= VEXAS syndrome =

Auto-inflammatory syndrome

VEXAS syndrome is an adult-onset autoinflammatory disease primarily affecting males, caused by a somatic mutation of the UBA1 gene in hematopoietic progenitor cells.

== Etymology ==
The name VEXAS is an acronym deriving from the core features of disease:
- V: Vacuoles are often identified in the bone marrow stem cells of patients presenting with VEXAS.
- E: The E1 ubiquitin conjugating enzyme encoded by the UBA1 gene is mutated in patients.
- X: The mutated UBA1 gene is recessive and located on the X-chromosome and thus the disease is almost exclusively found in individuals with a single X chromosome and thus said to be X-linked.
- A: Patients with VEXAS present with a wide array of autoinflammatory conditions
- S: The mutations which cause VEXAS are somatic: they are acquired throughout life, not inherited, and are not passed on to offspring.

== Signs and symptoms ==
The disease arises in late adulthood (typically after the age of 50) and causes both autoinflammatory and hematologic symptoms. Fever and skin conditions—particularly rashes resembling those seen in Sweet syndrome—are common signs. Other autoinflammatory conditions that can occur in individuals with VEXAS syndrome include periorbital angioedema, uveitis and scleritis, relapsing polychondritis, and polyarteritis nodosa. Inflammation may also affect the lungs.

Hematologic issues include macrocytic anemia, a low platelet count, and a predisposition towards developing hematologic malignancies, especially myelodysplastic syndrome. On bone marrow examination, people with the disease exhibit abnormal vacuoles in precursor cells of the myeloid and erythroid lineages.

== Treatment ==
VEXAS syndrome becomes more severe over time and carries a high mortality rate. Symptoms can be managed with high-dose corticosteroid therapy, but this can cause serious adverse effects, and symptoms typically recur after the dosage is lowered. For this reason, a variety of alternative treatments were under investigation as of 2021.

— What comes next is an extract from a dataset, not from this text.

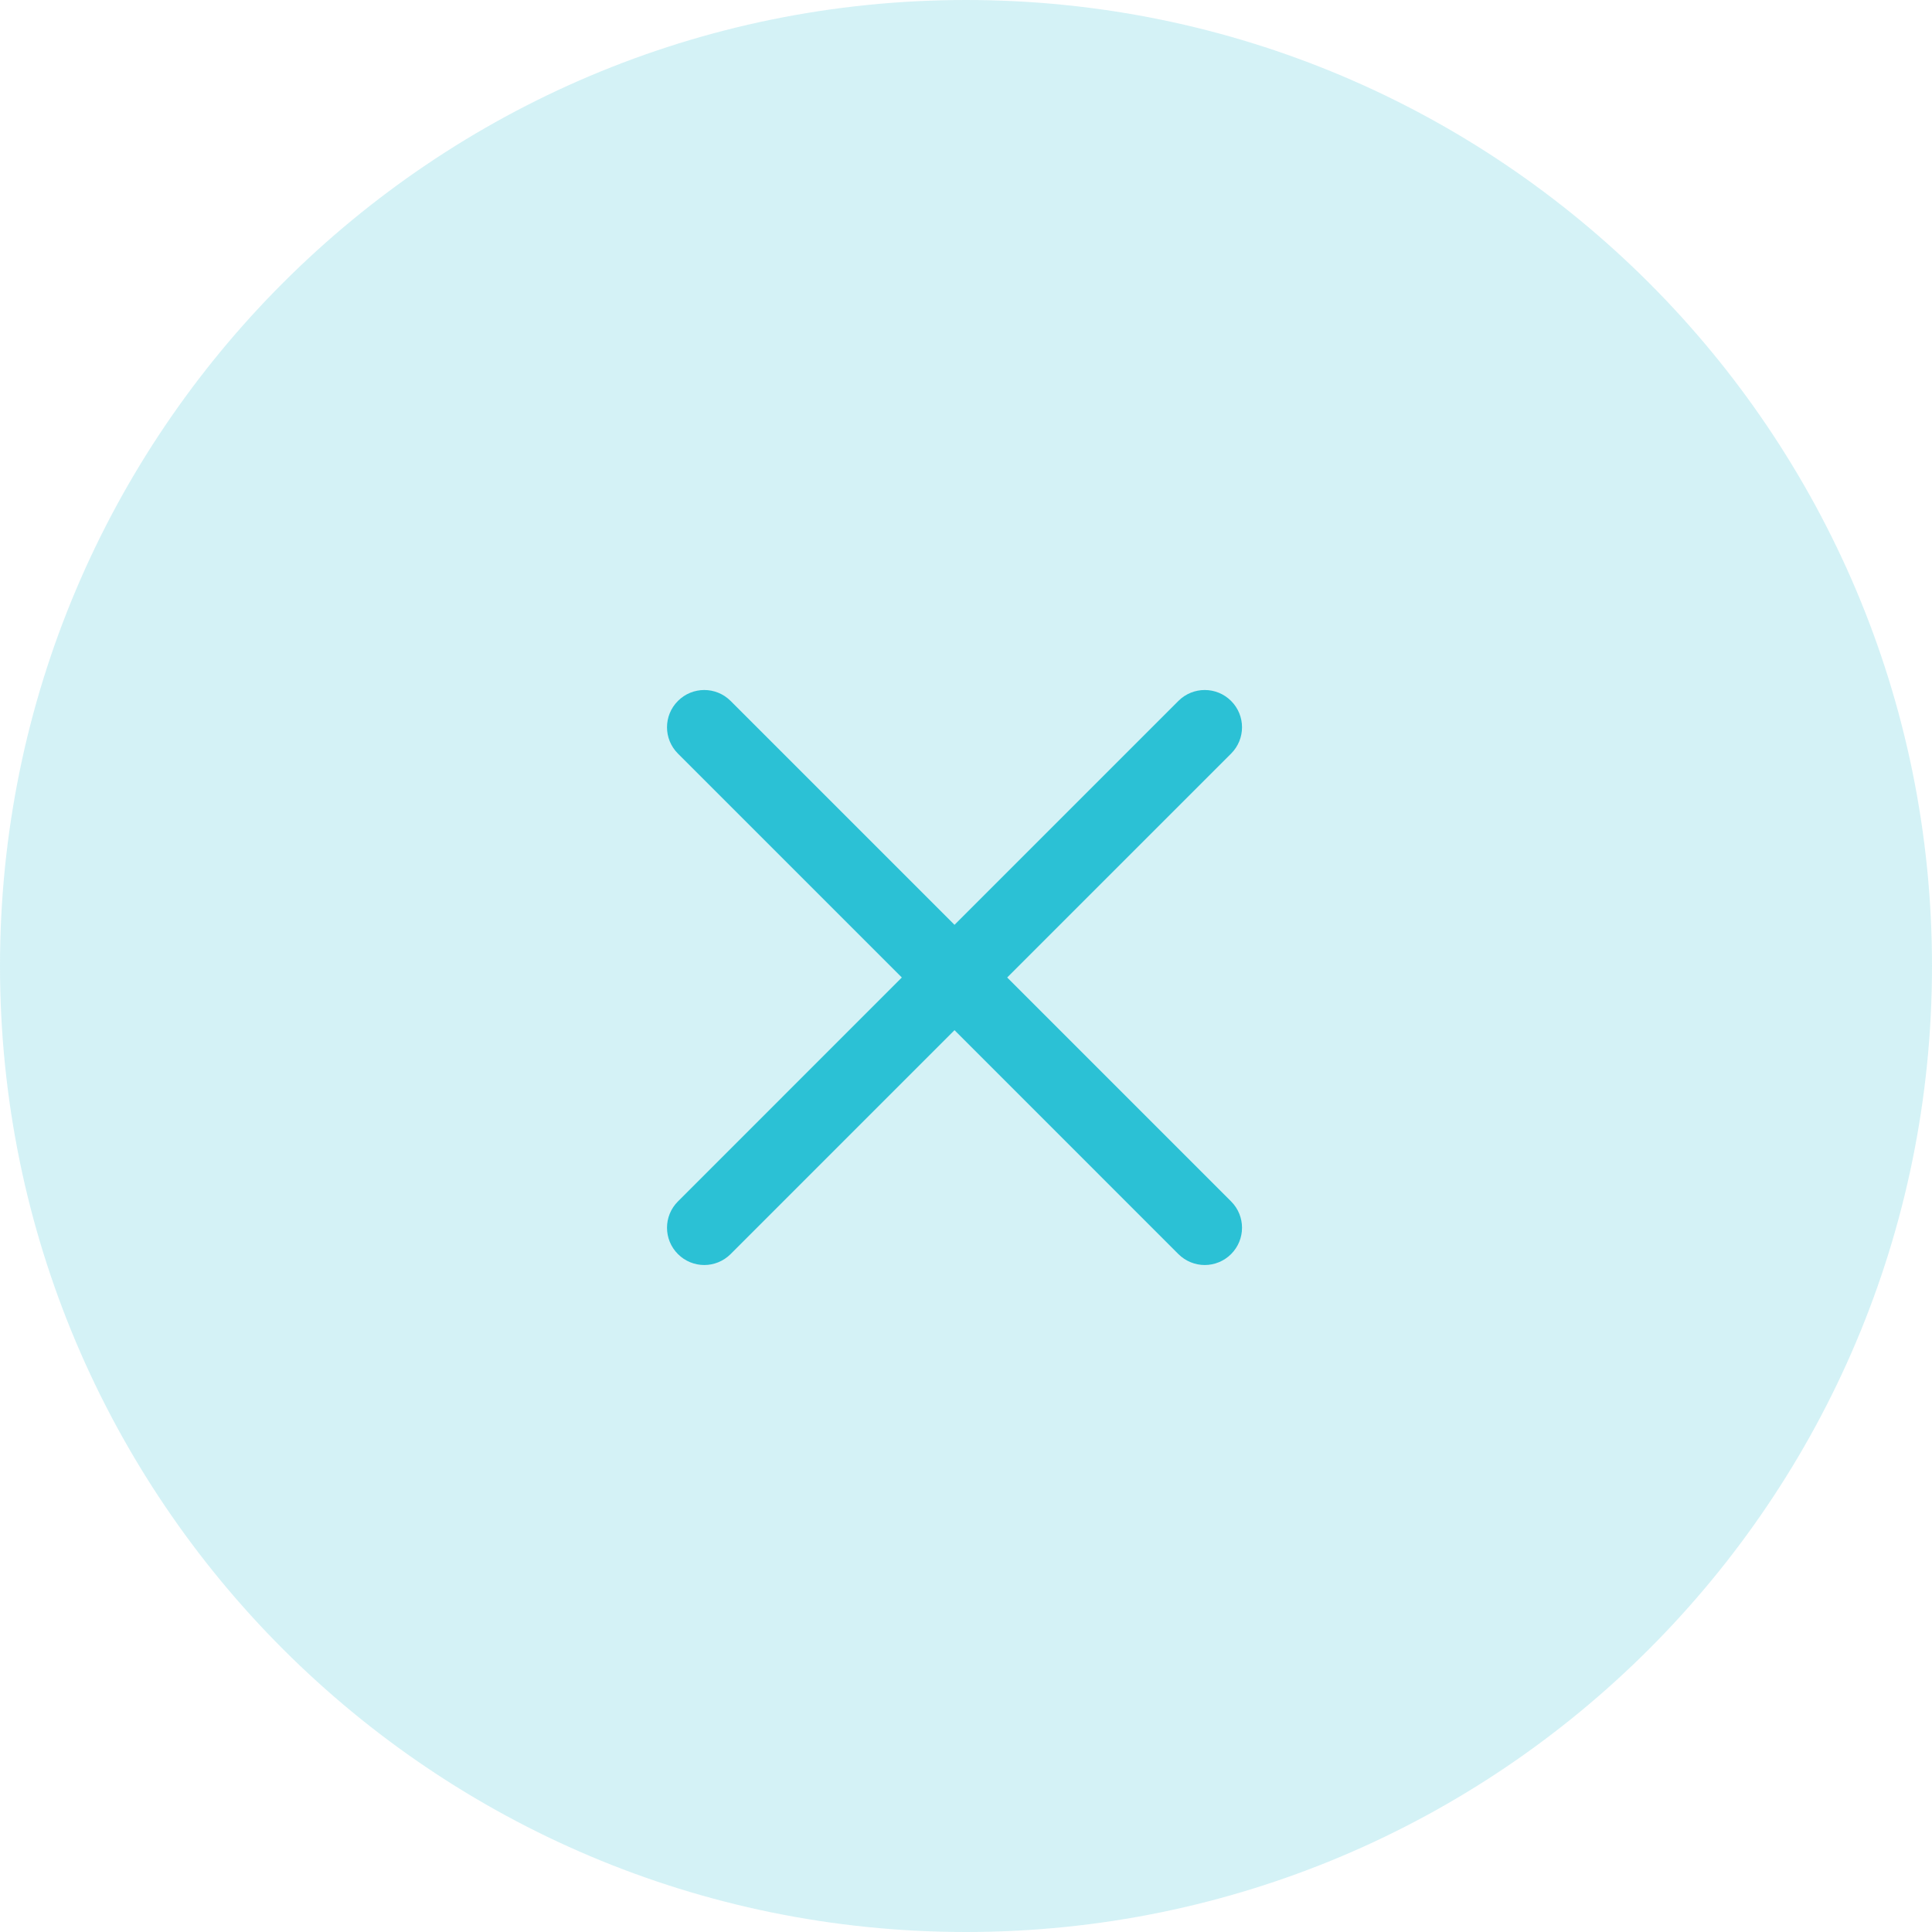 <svg width="61" height="61" viewBox="0 0 61 61" fill="none" xmlns="http://www.w3.org/2000/svg">
<path d="M61 30.5C61 47.345 47.345 61 30.5 61C13.655 61 0 47.345 0 30.5C0 13.655 13.655 0 30.5 0C47.345 0 61 13.655 61 30.5Z" fill="#2BC1D5" fill-opacity="0.2"/>
<path d="M31.8 30.863L38.87 23.794C39.33 23.334 39.33 22.59 38.87 22.131C38.41 21.671 37.666 21.671 37.206 22.131L30.137 29.2L23.068 22.131C22.608 21.671 21.864 21.671 21.405 22.131C20.945 22.59 20.945 23.334 21.405 23.794L28.474 30.863L21.405 37.933C20.945 38.392 20.945 39.136 21.405 39.596C21.634 39.825 21.935 39.941 22.236 39.941C22.537 39.941 22.838 39.825 23.068 39.596L30.137 32.526L37.206 39.596C37.436 39.825 37.737 39.941 38.038 39.941C38.339 39.941 38.64 39.825 38.87 39.596C39.33 39.136 39.33 38.392 38.87 37.933L31.8 30.863Z" fill="#2BC1D5"/>
</svg>

More recent reviews describe VEXAS as a disease at the intersection of clonal hematopoiesis, bone marrow failure, and innate immune dysregulation. Somatic UBA1 mutations impair ubiquitination and protein homeostasis, leading to endoplasmic reticulum stress and activation of inflammatory pathways. Treatment remains challenging: glucocorticoids often control inflammation but are frequently difficult to taper, while steroid-sparing approaches such as interleukin-1 blockade, interleukin-6 inhibition, Janus kinase inhibitors, and hypomethylating agents have been reported with variable responses. Allogeneic hematopoietic stem cell transplantation is considered the only potentially curative treatment, although patient selection and transplant-related risk remain important limitations.

== Discovery ==
The syndrome was identified by a multidisciplinary team of clinicians and scientists led by David B. Beck, Peter Grayson, and Daniel L. Kastner. The supplemental section of the journal article of the discovery elucidates that the initial discovery of the mutation was made by Daron Ross in the first 2 patients identified. It was first reported in The New England Journal of Medicine in October 2020 where Beck et al wrote: "Using a genotype-driven approach, we identified a disorder that connects seemingly unrelated adult-onset inflammatory syndromes".

An editorial in the same issue describes the work as a "fascinating discovery" which "is of immediate importance to rheumatologists and has far-reaching consequences of general clinical interest. It builds on previous findings suggesting that postzygotic somatic mutation may be a more frequent cause of human disease than previously recognized". In 2022, the American Society of Hematology deemed the discovery of VEXAS the "year's best advancement in hematology-related diagnoses", and that researching VEXAS would potentially improve the classification of hematologic (blood-based) and adult-onset recurrent autoimmune diseases such as relapsing polychondritis.

== Investigations ==
Since VEXAS was first described in 2020, there has been global interest in understanding the disease. In 2022 the National Cancer Institute announced a three-year clinical trial to evaluate stem cell transplant as a possible treatment for patients with VEXAS. Scientists, including David B. Beck, one of the original discoverers, at the New York University Grossman School of Medicine and NYU Langone Health were also actively researching the condition.